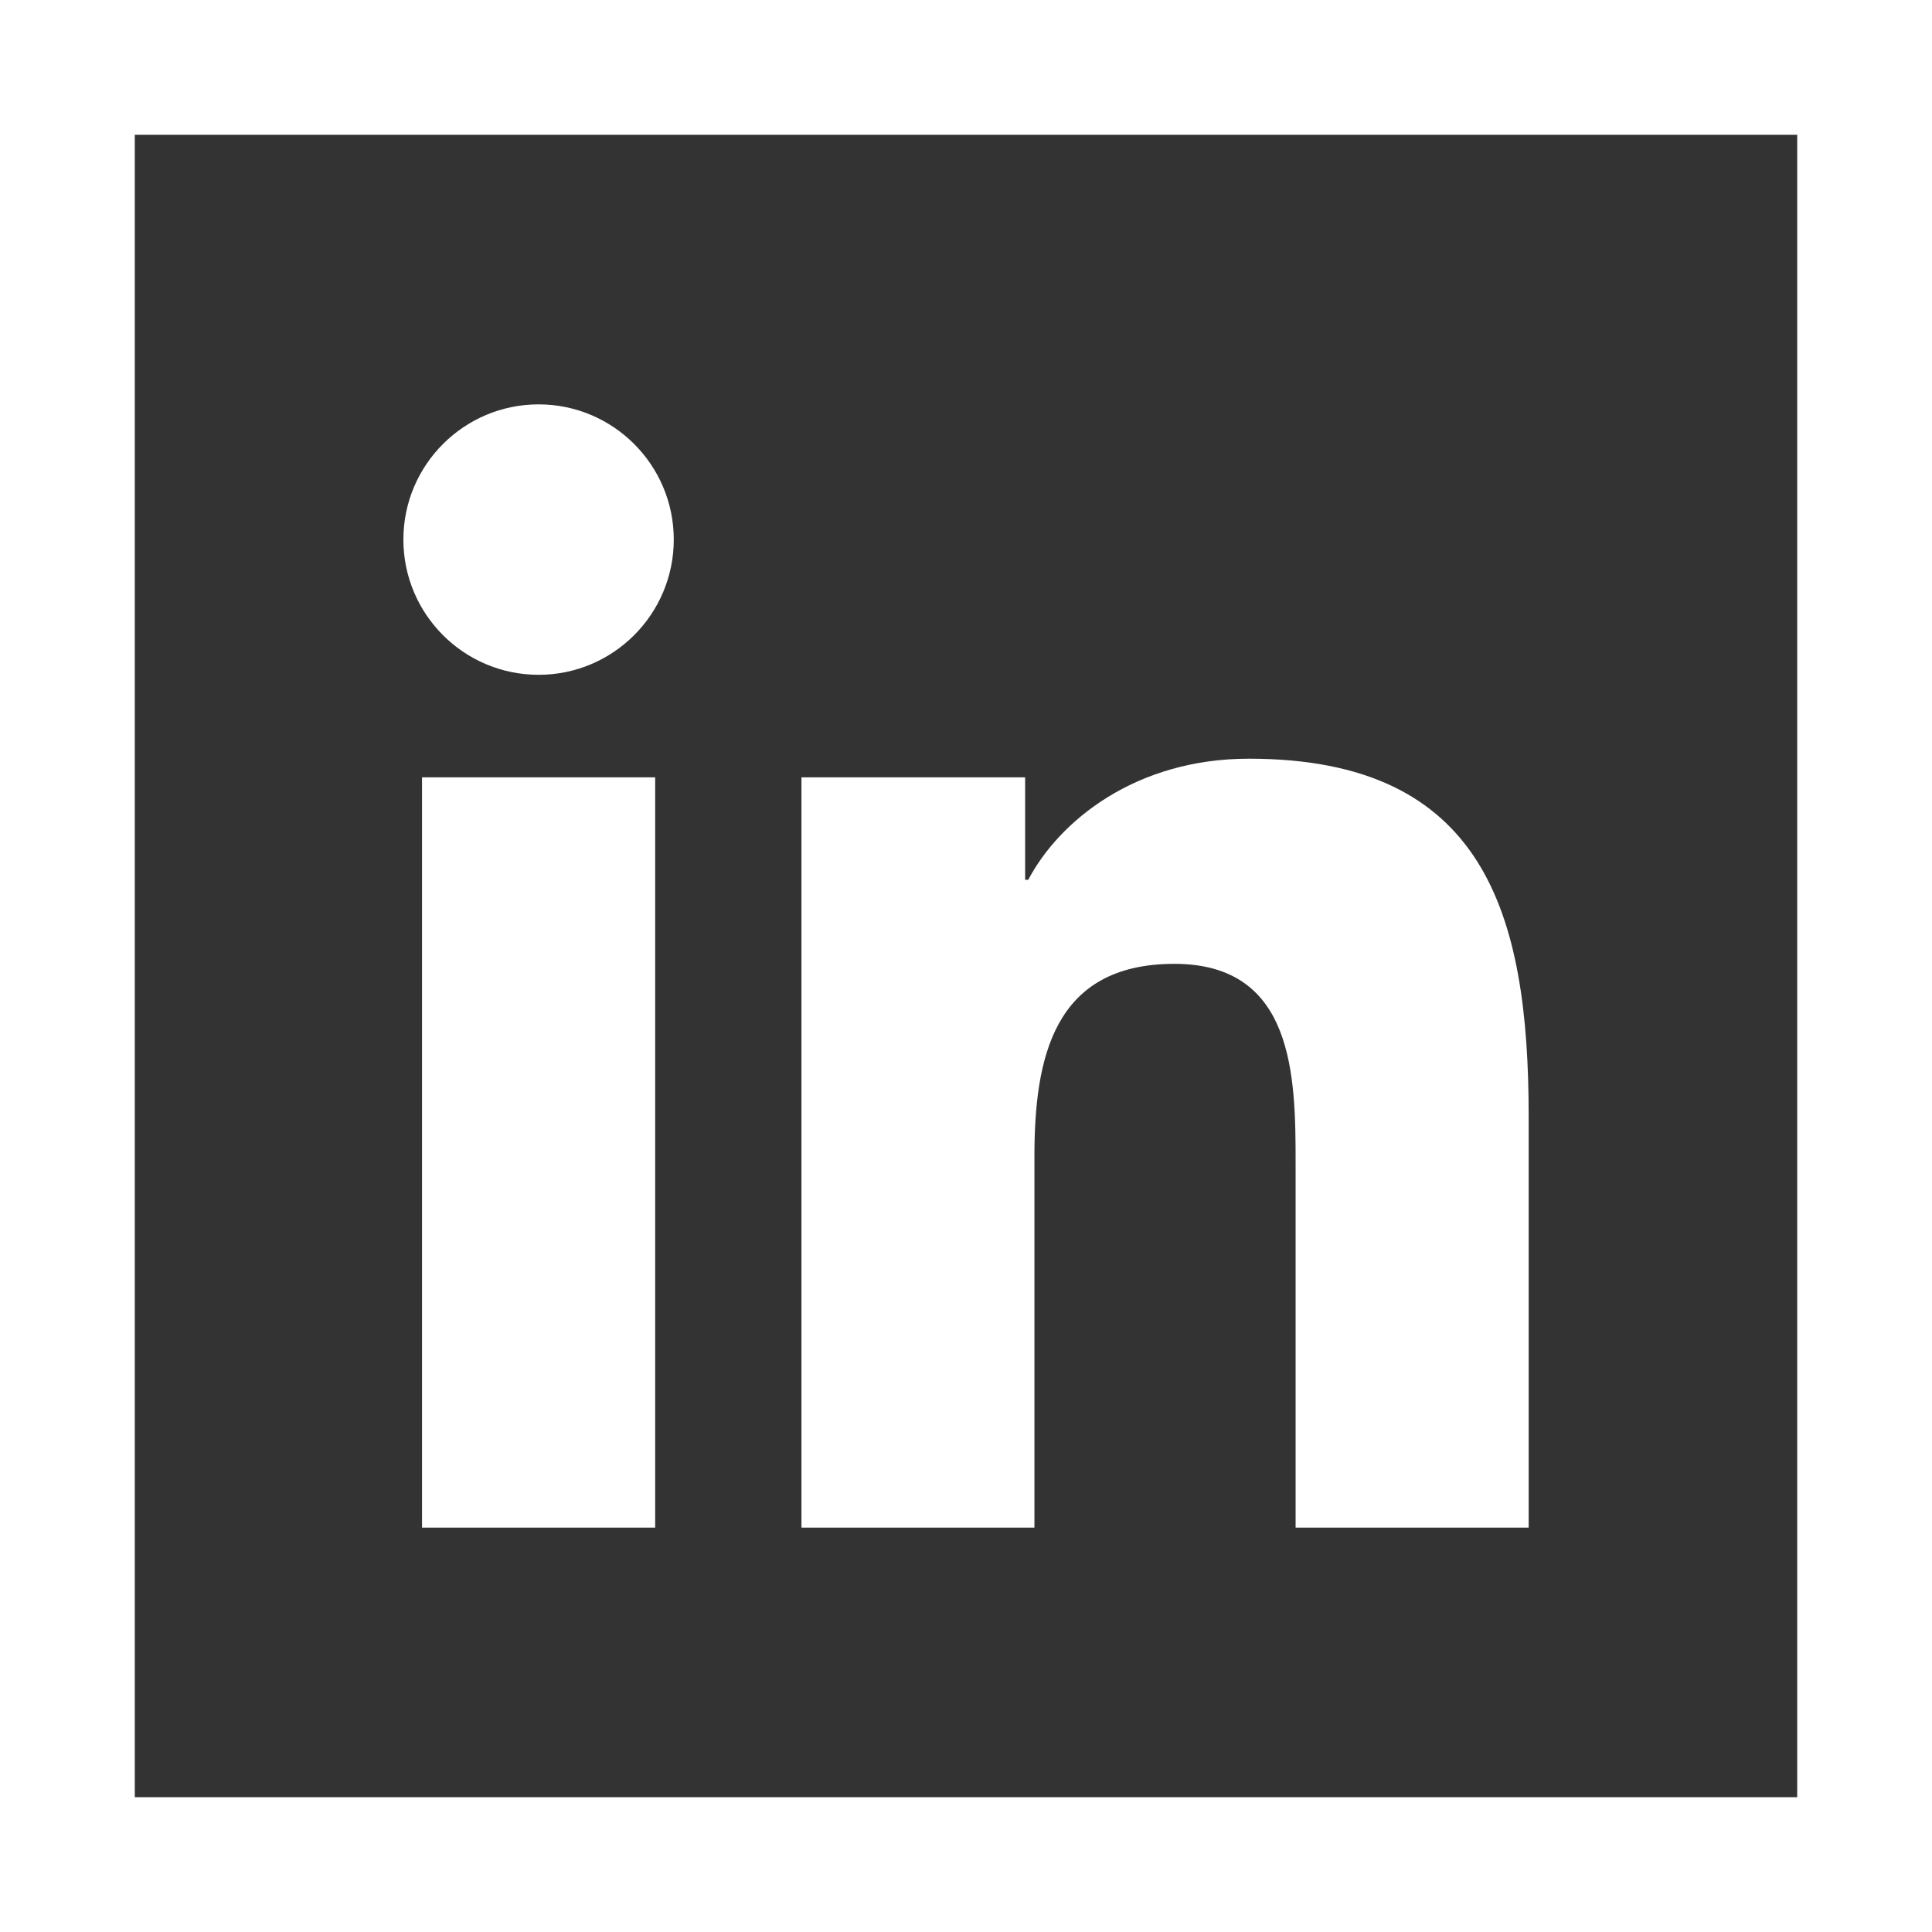 <?xml version="1.0" encoding="utf-8"?>
<!-- Generator: Adobe Illustrator 16.0.0, SVG Export Plug-In . SVG Version: 6.00 Build 0)  -->
<!DOCTYPE svg PUBLIC "-//W3C//DTD SVG 1.1//EN" "http://www.w3.org/Graphics/SVG/1.1/DTD/svg11.dtd">
<svg version="1.1" id="Calque_1" xmlns="http://www.w3.org/2000/svg" xmlns:xlink="http://www.w3.org/1999/xlink" x="0px" y="0px"
	 width="43px" height="43px" viewBox="0 0 43 43" enable-background="new 0 0 43 43" xml:space="preserve">
<rect x="0" y="0" width="43" height="43" fill="#333333" stroke="none"/>
<g>
	<rect x="1.5" y="1.5" fill="none" stroke="#FFFFFF" stroke-width="3" width="40" height="40"/>
	<path fill="#FFFFFF" d="M11.988,9c1.659,0,3.008,1.349,3.008,3.009c0,1.661-1.349,3.01-3.008,3.01c-1.663,0-3.01-1.349-3.01-3.01
		C8.978,10.349,10.326,9,11.988,9 M9.393,17.301h5.189V34H9.393V17.301z"/>
	<path fill="#FFFFFF" d="M17.838,17.301h4.978v2.281h0.069c0.693-1.313,2.388-2.696,4.912-2.696c5.255,0,6.226,3.459,6.226,7.956V34
		h-5.187v-8.12c0-1.937-0.036-4.428-2.698-4.428c-2.699,0-3.115,2.108-3.115,4.288V34h-5.185V17.301z"/>
</g>
</svg>

· · · · · · ·

In the entries above, copy each line that contains the string "stroke".

<rect x="0" y="0" width="43" height="43" fill="#333333" stroke="none"/>
	<rect x="1.5" y="1.5" fill="none" stroke="#FFFFFF" stroke-width="3" width="40" height="40"/>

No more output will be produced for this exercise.